Well, the above is the content of memory reorder. The following problems are visibility issues. What's crazy is that the end of the memory command does not mean visibility. Why ~ This is the result of CPU memory structure optimization. We can write another articleArticle.
Therefore, for another (logical) processor, the content of memory reorderPossibleIt is not truth, but it must be visible to you. Unfortunately, we were not aware of this problem before. It is assumed that it has the semantics of acquire or release. (Except for lock, of course)
And so on. What are the meanings of acquire and release. Here we provide a strict definition:
Acquire semantics: If an operation has the acquire semantics, other (logical) processors in the system will be able to see the result of the subsequent command.
Release semantics: If an operation has release semantics, other (logical) processors in the system will be able to see the results of all the commands processed before this.
It can be seen that acquire and release specify the direction in which the command can be adjusted. That is, if an instruction has the acquire syntax, the previous command may be adjusted to the subsequent execution, however, the subsequent commands cannot be executed before they are executed. If a command has the release syntax, the subsequent commands may be adjusted to the previous commands, however, the previous commands will not be adjusted to the subsequent commands. Furthermore, the acquire and release Semantics define visibility. This is terrible.
Okay. Now, let's look at our original example:
X = 1; y = 1;
R0 = x; r2 = y;
R1 = y; R3 = X;
Let's assume that both X and Y are volatile. In this way, if the mm of. NET is correctly implemented, all volatile loads have the acquire syntax. All stores, whether volatile or not, have the release attribute! Due to the correlation, x = 1 cannot be exchanged with R0 = x, and R0 = x cannot be exchanged with R1 = y. According to the visibility, no matter how it is done, there will be no result of R1 = 0, R3 = 0 after all execution is complete. But this result is exactly the same!

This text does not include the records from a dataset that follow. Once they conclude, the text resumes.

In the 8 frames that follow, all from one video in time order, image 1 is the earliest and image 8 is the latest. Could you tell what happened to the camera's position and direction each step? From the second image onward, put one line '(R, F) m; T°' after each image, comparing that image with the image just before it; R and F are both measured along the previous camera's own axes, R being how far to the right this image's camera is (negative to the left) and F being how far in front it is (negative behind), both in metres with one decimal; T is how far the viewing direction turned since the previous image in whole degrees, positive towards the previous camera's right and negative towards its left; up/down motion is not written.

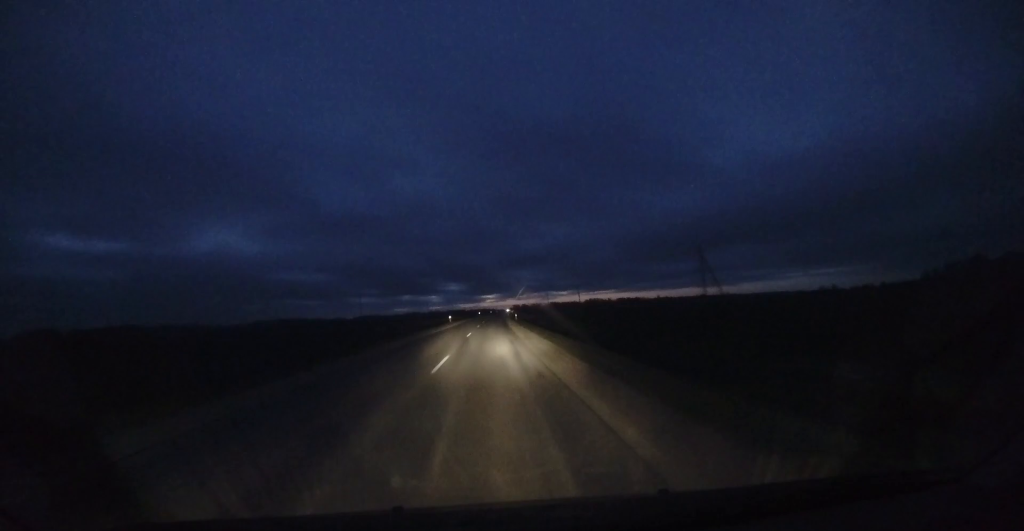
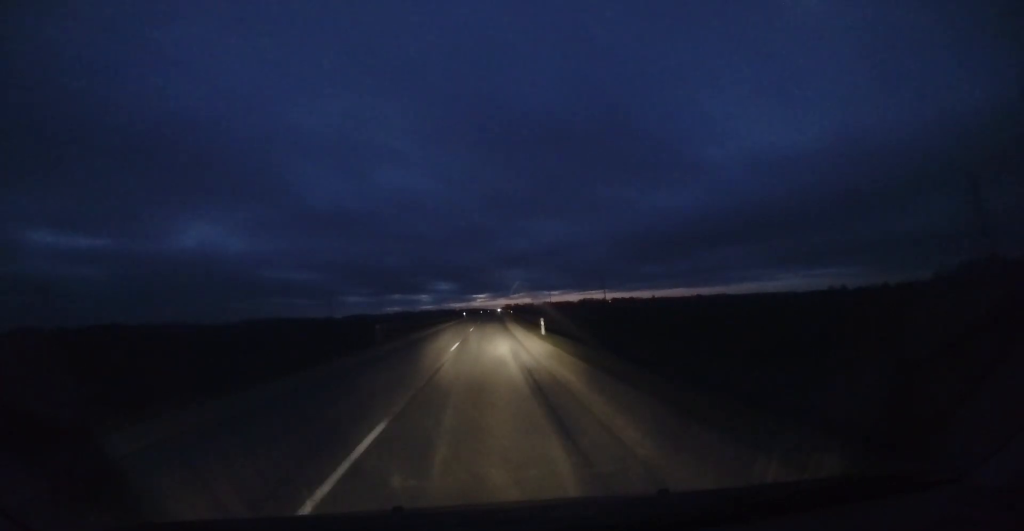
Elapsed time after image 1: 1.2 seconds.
(+0.8, +31.6) m; +2°
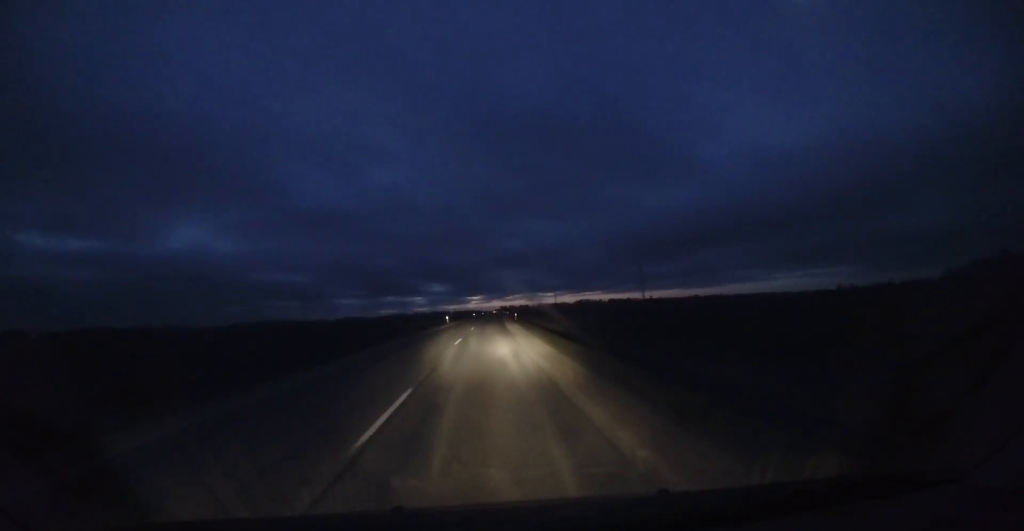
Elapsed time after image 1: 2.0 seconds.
(+0.1, +21.9) m; +1°
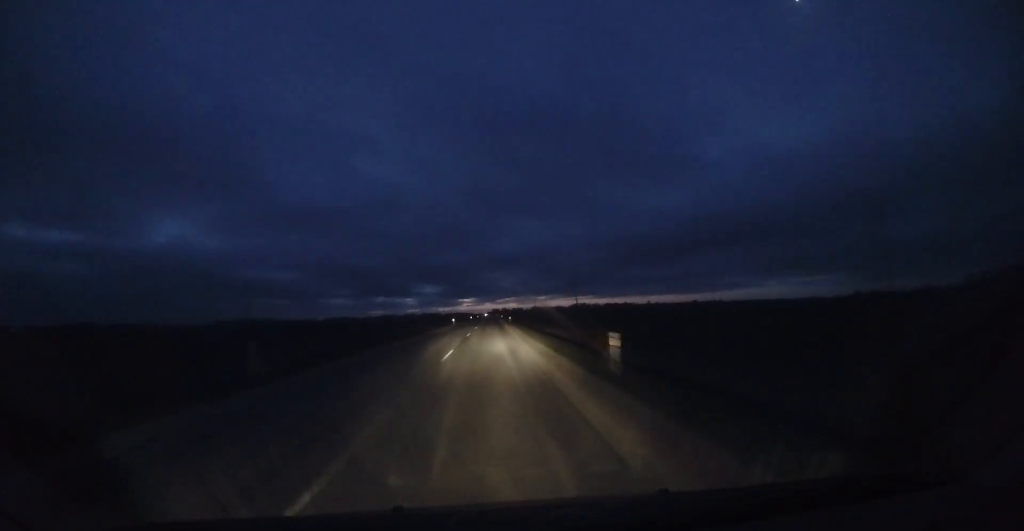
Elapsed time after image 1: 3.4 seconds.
(+0.3, +39.3) m; 0°
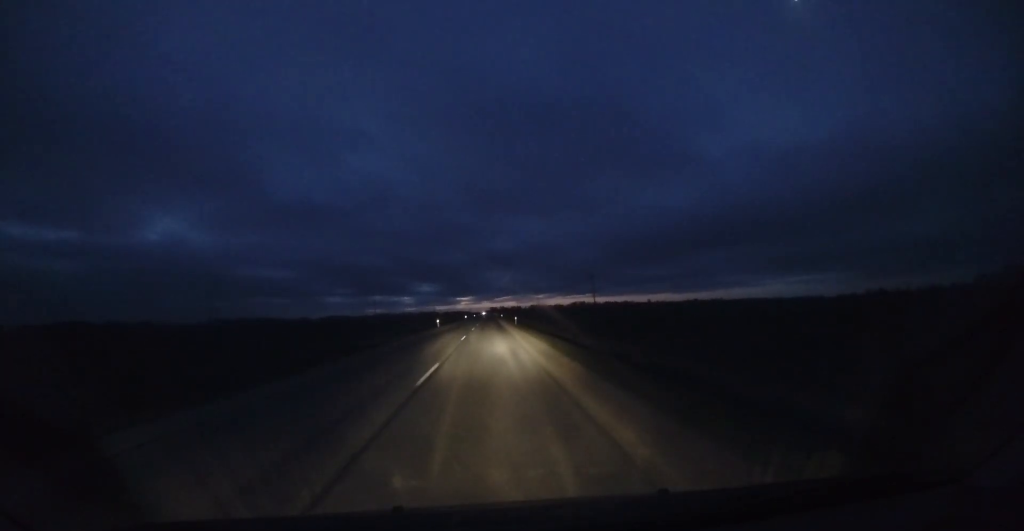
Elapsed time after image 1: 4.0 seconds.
(-0.2, +16.7) m; 0°
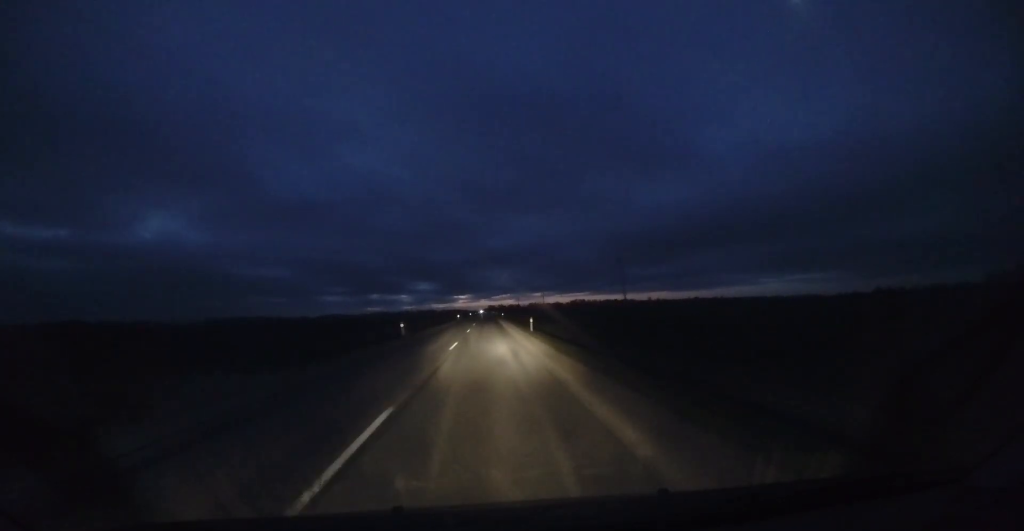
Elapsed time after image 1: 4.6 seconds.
(+0.1, +16.6) m; 0°
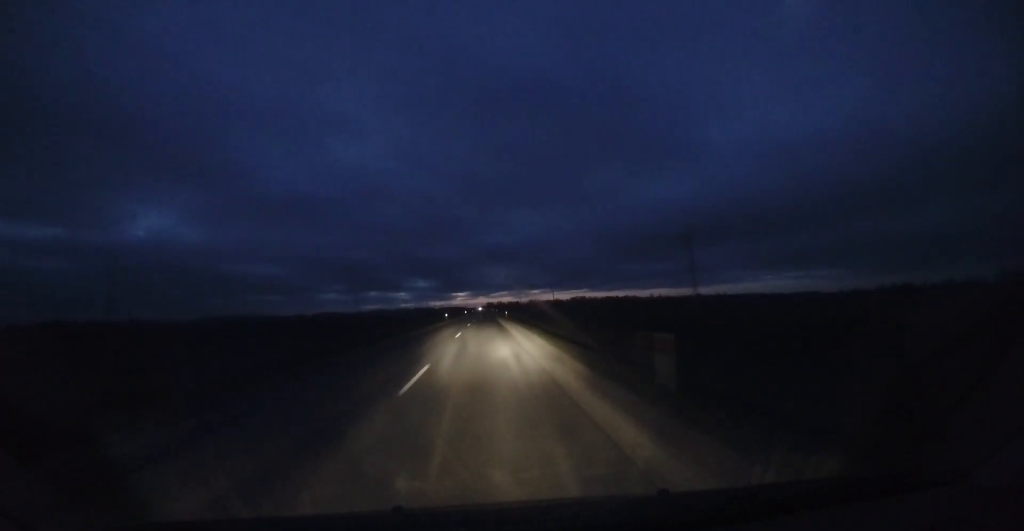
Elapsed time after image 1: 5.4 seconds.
(+0.2, +20.1) m; +1°
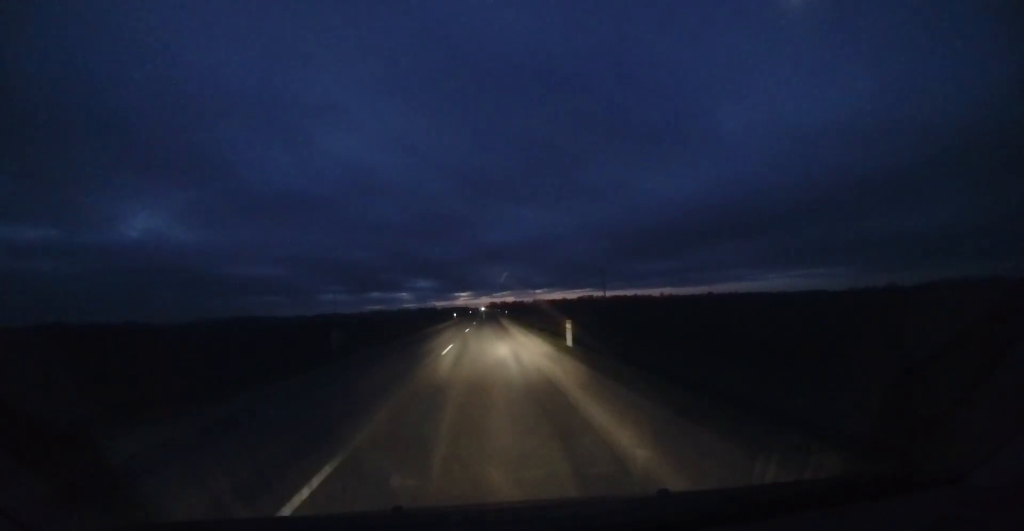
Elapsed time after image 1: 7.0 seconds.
(0.0, +41.8) m; -1°

Okay. How can we solve the visibility problem? The answer is the appropriate memory fence. Reference <Intel 64 & IA-32 ubuntures software developer's Manual>
Lfence: forces the load operation in order, and all subsequent load operations will wait until the previous load is globally visible!
Sfence: forces store operations in order. All subsequent store operations will wait until the previous store is globally visible!

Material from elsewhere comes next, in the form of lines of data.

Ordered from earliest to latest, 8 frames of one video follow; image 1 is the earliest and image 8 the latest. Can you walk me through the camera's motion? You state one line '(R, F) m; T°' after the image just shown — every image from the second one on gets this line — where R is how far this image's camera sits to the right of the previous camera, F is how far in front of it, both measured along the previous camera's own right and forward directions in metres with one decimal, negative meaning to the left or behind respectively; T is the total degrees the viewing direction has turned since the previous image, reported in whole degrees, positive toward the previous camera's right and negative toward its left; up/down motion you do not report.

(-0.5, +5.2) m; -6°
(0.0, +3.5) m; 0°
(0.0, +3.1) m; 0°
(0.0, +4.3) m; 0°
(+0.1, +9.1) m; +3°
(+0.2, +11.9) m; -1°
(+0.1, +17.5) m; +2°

Mfence: forces the load and store operations in order, and the subsequent load or store operations wait until the previous load or store operations are globally visible!
Slow, what about lock? Er, in fact, the Manual guarantees that there will not be multiple processors to update its content at the same time (whether locking the bus or locking the cache), but the issue of visibility is not mentioned. In fact, lock and implicit xchg do not have such a guarantee. Let's take a look at the implementation of interlockedexchange:
1 Static Long Interlockedexchange ( Volatile Long * PTR, Long Value)
2 {
3 Long Result;
4 Volatile Long * P = PTR;
5 _ ASM
6 {
7 _ ASM mov edX, P
8 _ ASM mov eax, Value
9 _ ASM Lock Xchg [edX], eax
10 _ ASM result, eax
11 }
12 Load_with_acquire ( * PTR ); // Make sure it is visible
13 Return Result;
14 }
15
16 Template < Typename t >
17 Static Long Load_with_acquire ( Const T & Ref )
18 {
19 Long To_return = Ref ;
20 _ Readwritebarrier ();
21 Return To_return;
22 }
Now, the problem is coming to an end. Finally, I would like to remind you that if your program only has one thread and does not share resources across processes, you can simply ignore these issues, because for a single thread, although there are a lot of "things you don't know" in the middle of the processor, the result "looks" as if it were the same as the results of sequential execution. For multithreaded developers, when a synchronization object or interlockedxxx is used, the appropriate memory fence is implicitly included. Therefore, you don't have to worry about it. If you are a bottom-layer employee, you have to solve these complicated problems.